**EXERCISE DESCRIPTION:** Leave the pictures out and write out the rest of the listing word for word.

--- DATA TO EXAMINE ---

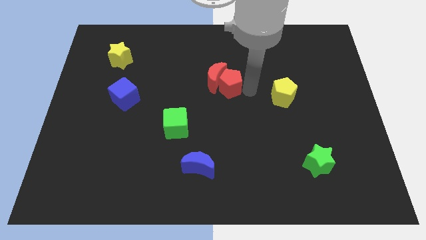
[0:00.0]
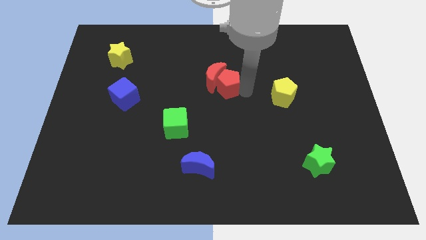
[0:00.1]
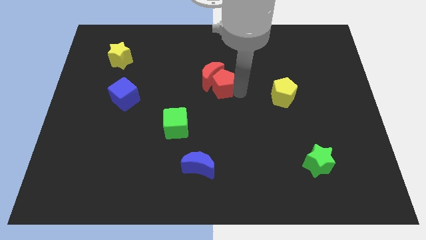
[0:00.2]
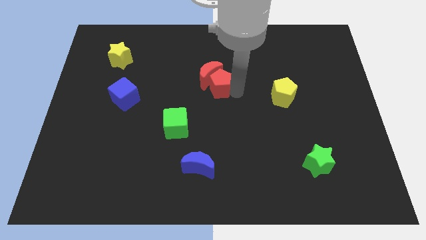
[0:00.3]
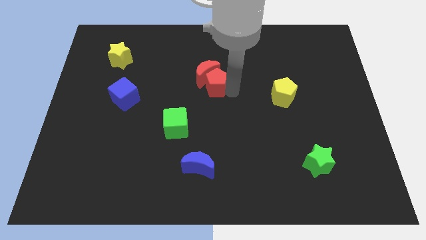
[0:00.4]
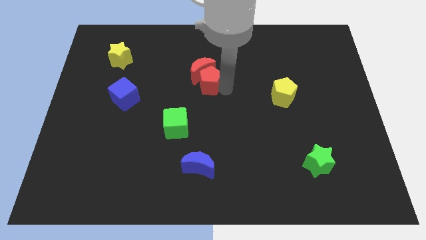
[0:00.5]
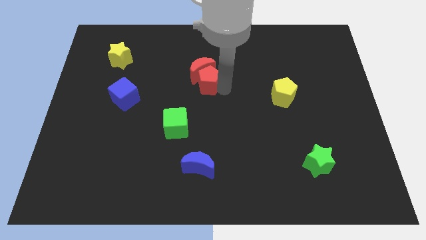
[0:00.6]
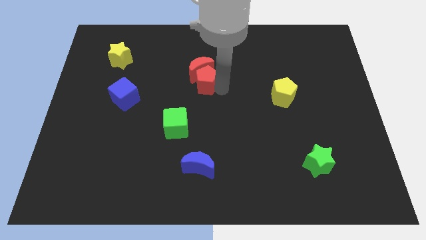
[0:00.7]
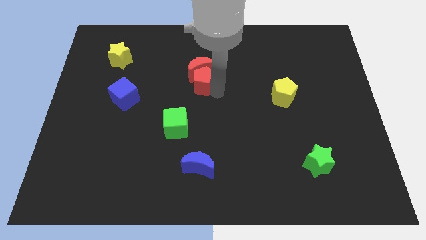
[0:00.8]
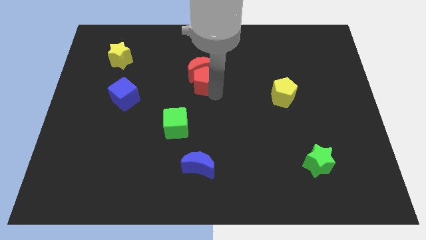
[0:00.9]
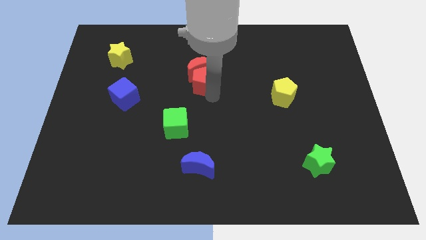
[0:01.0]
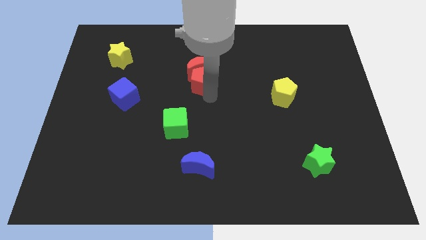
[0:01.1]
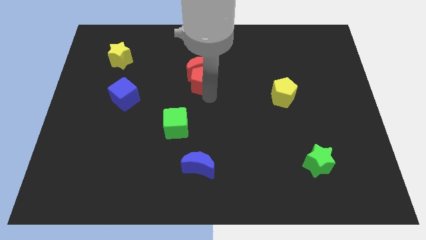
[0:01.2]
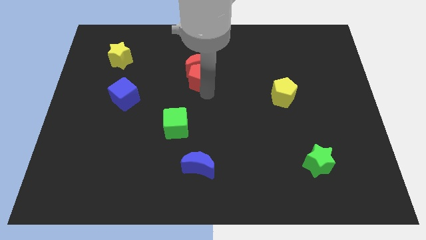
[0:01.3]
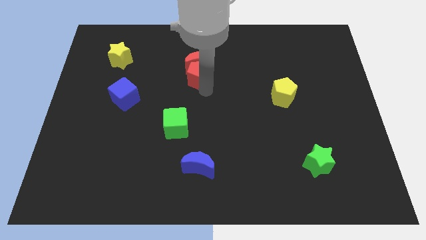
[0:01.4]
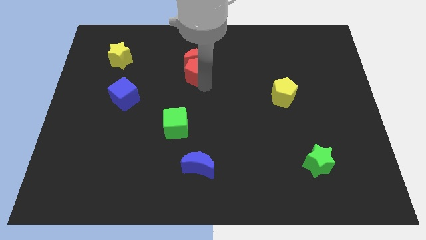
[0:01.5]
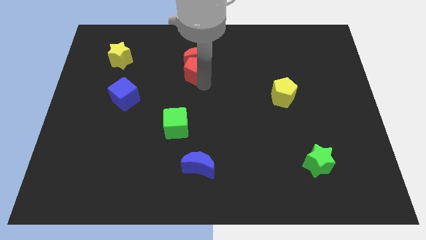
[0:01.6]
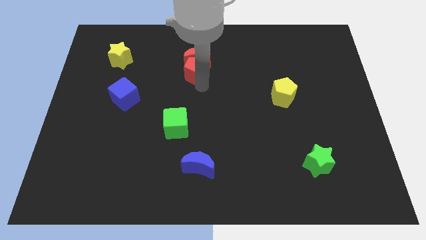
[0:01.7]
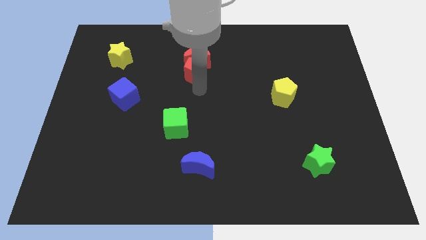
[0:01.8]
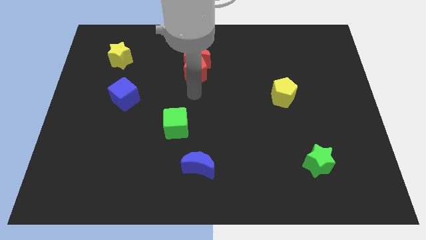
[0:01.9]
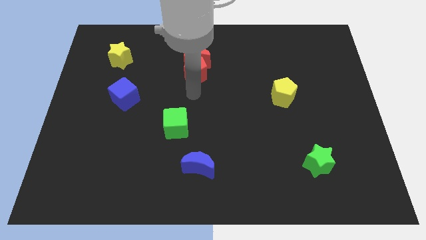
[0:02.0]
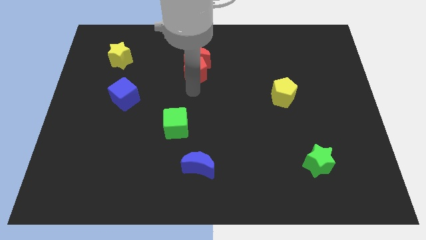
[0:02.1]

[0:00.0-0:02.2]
move red crescent with red pentagon

---

**EXERCISE RESULT:**
[0:00.0]
[0:00.1]
[0:00.2]
[0:00.3]
[0:00.4]
[0:00.5]
[0:00.6]
[0:00.7]
[0:00.8]
[0:00.9]
[0:01.0]
[0:01.1]
[0:01.2]
[0:01.3]
[0:01.4]
[0:01.5]
[0:01.6]
[0:01.7]
[0:01.8]
[0:01.9]
[0:02.0]
[0:02.1]

[0:00.0-0:02.2]
move red crescent with red pentagon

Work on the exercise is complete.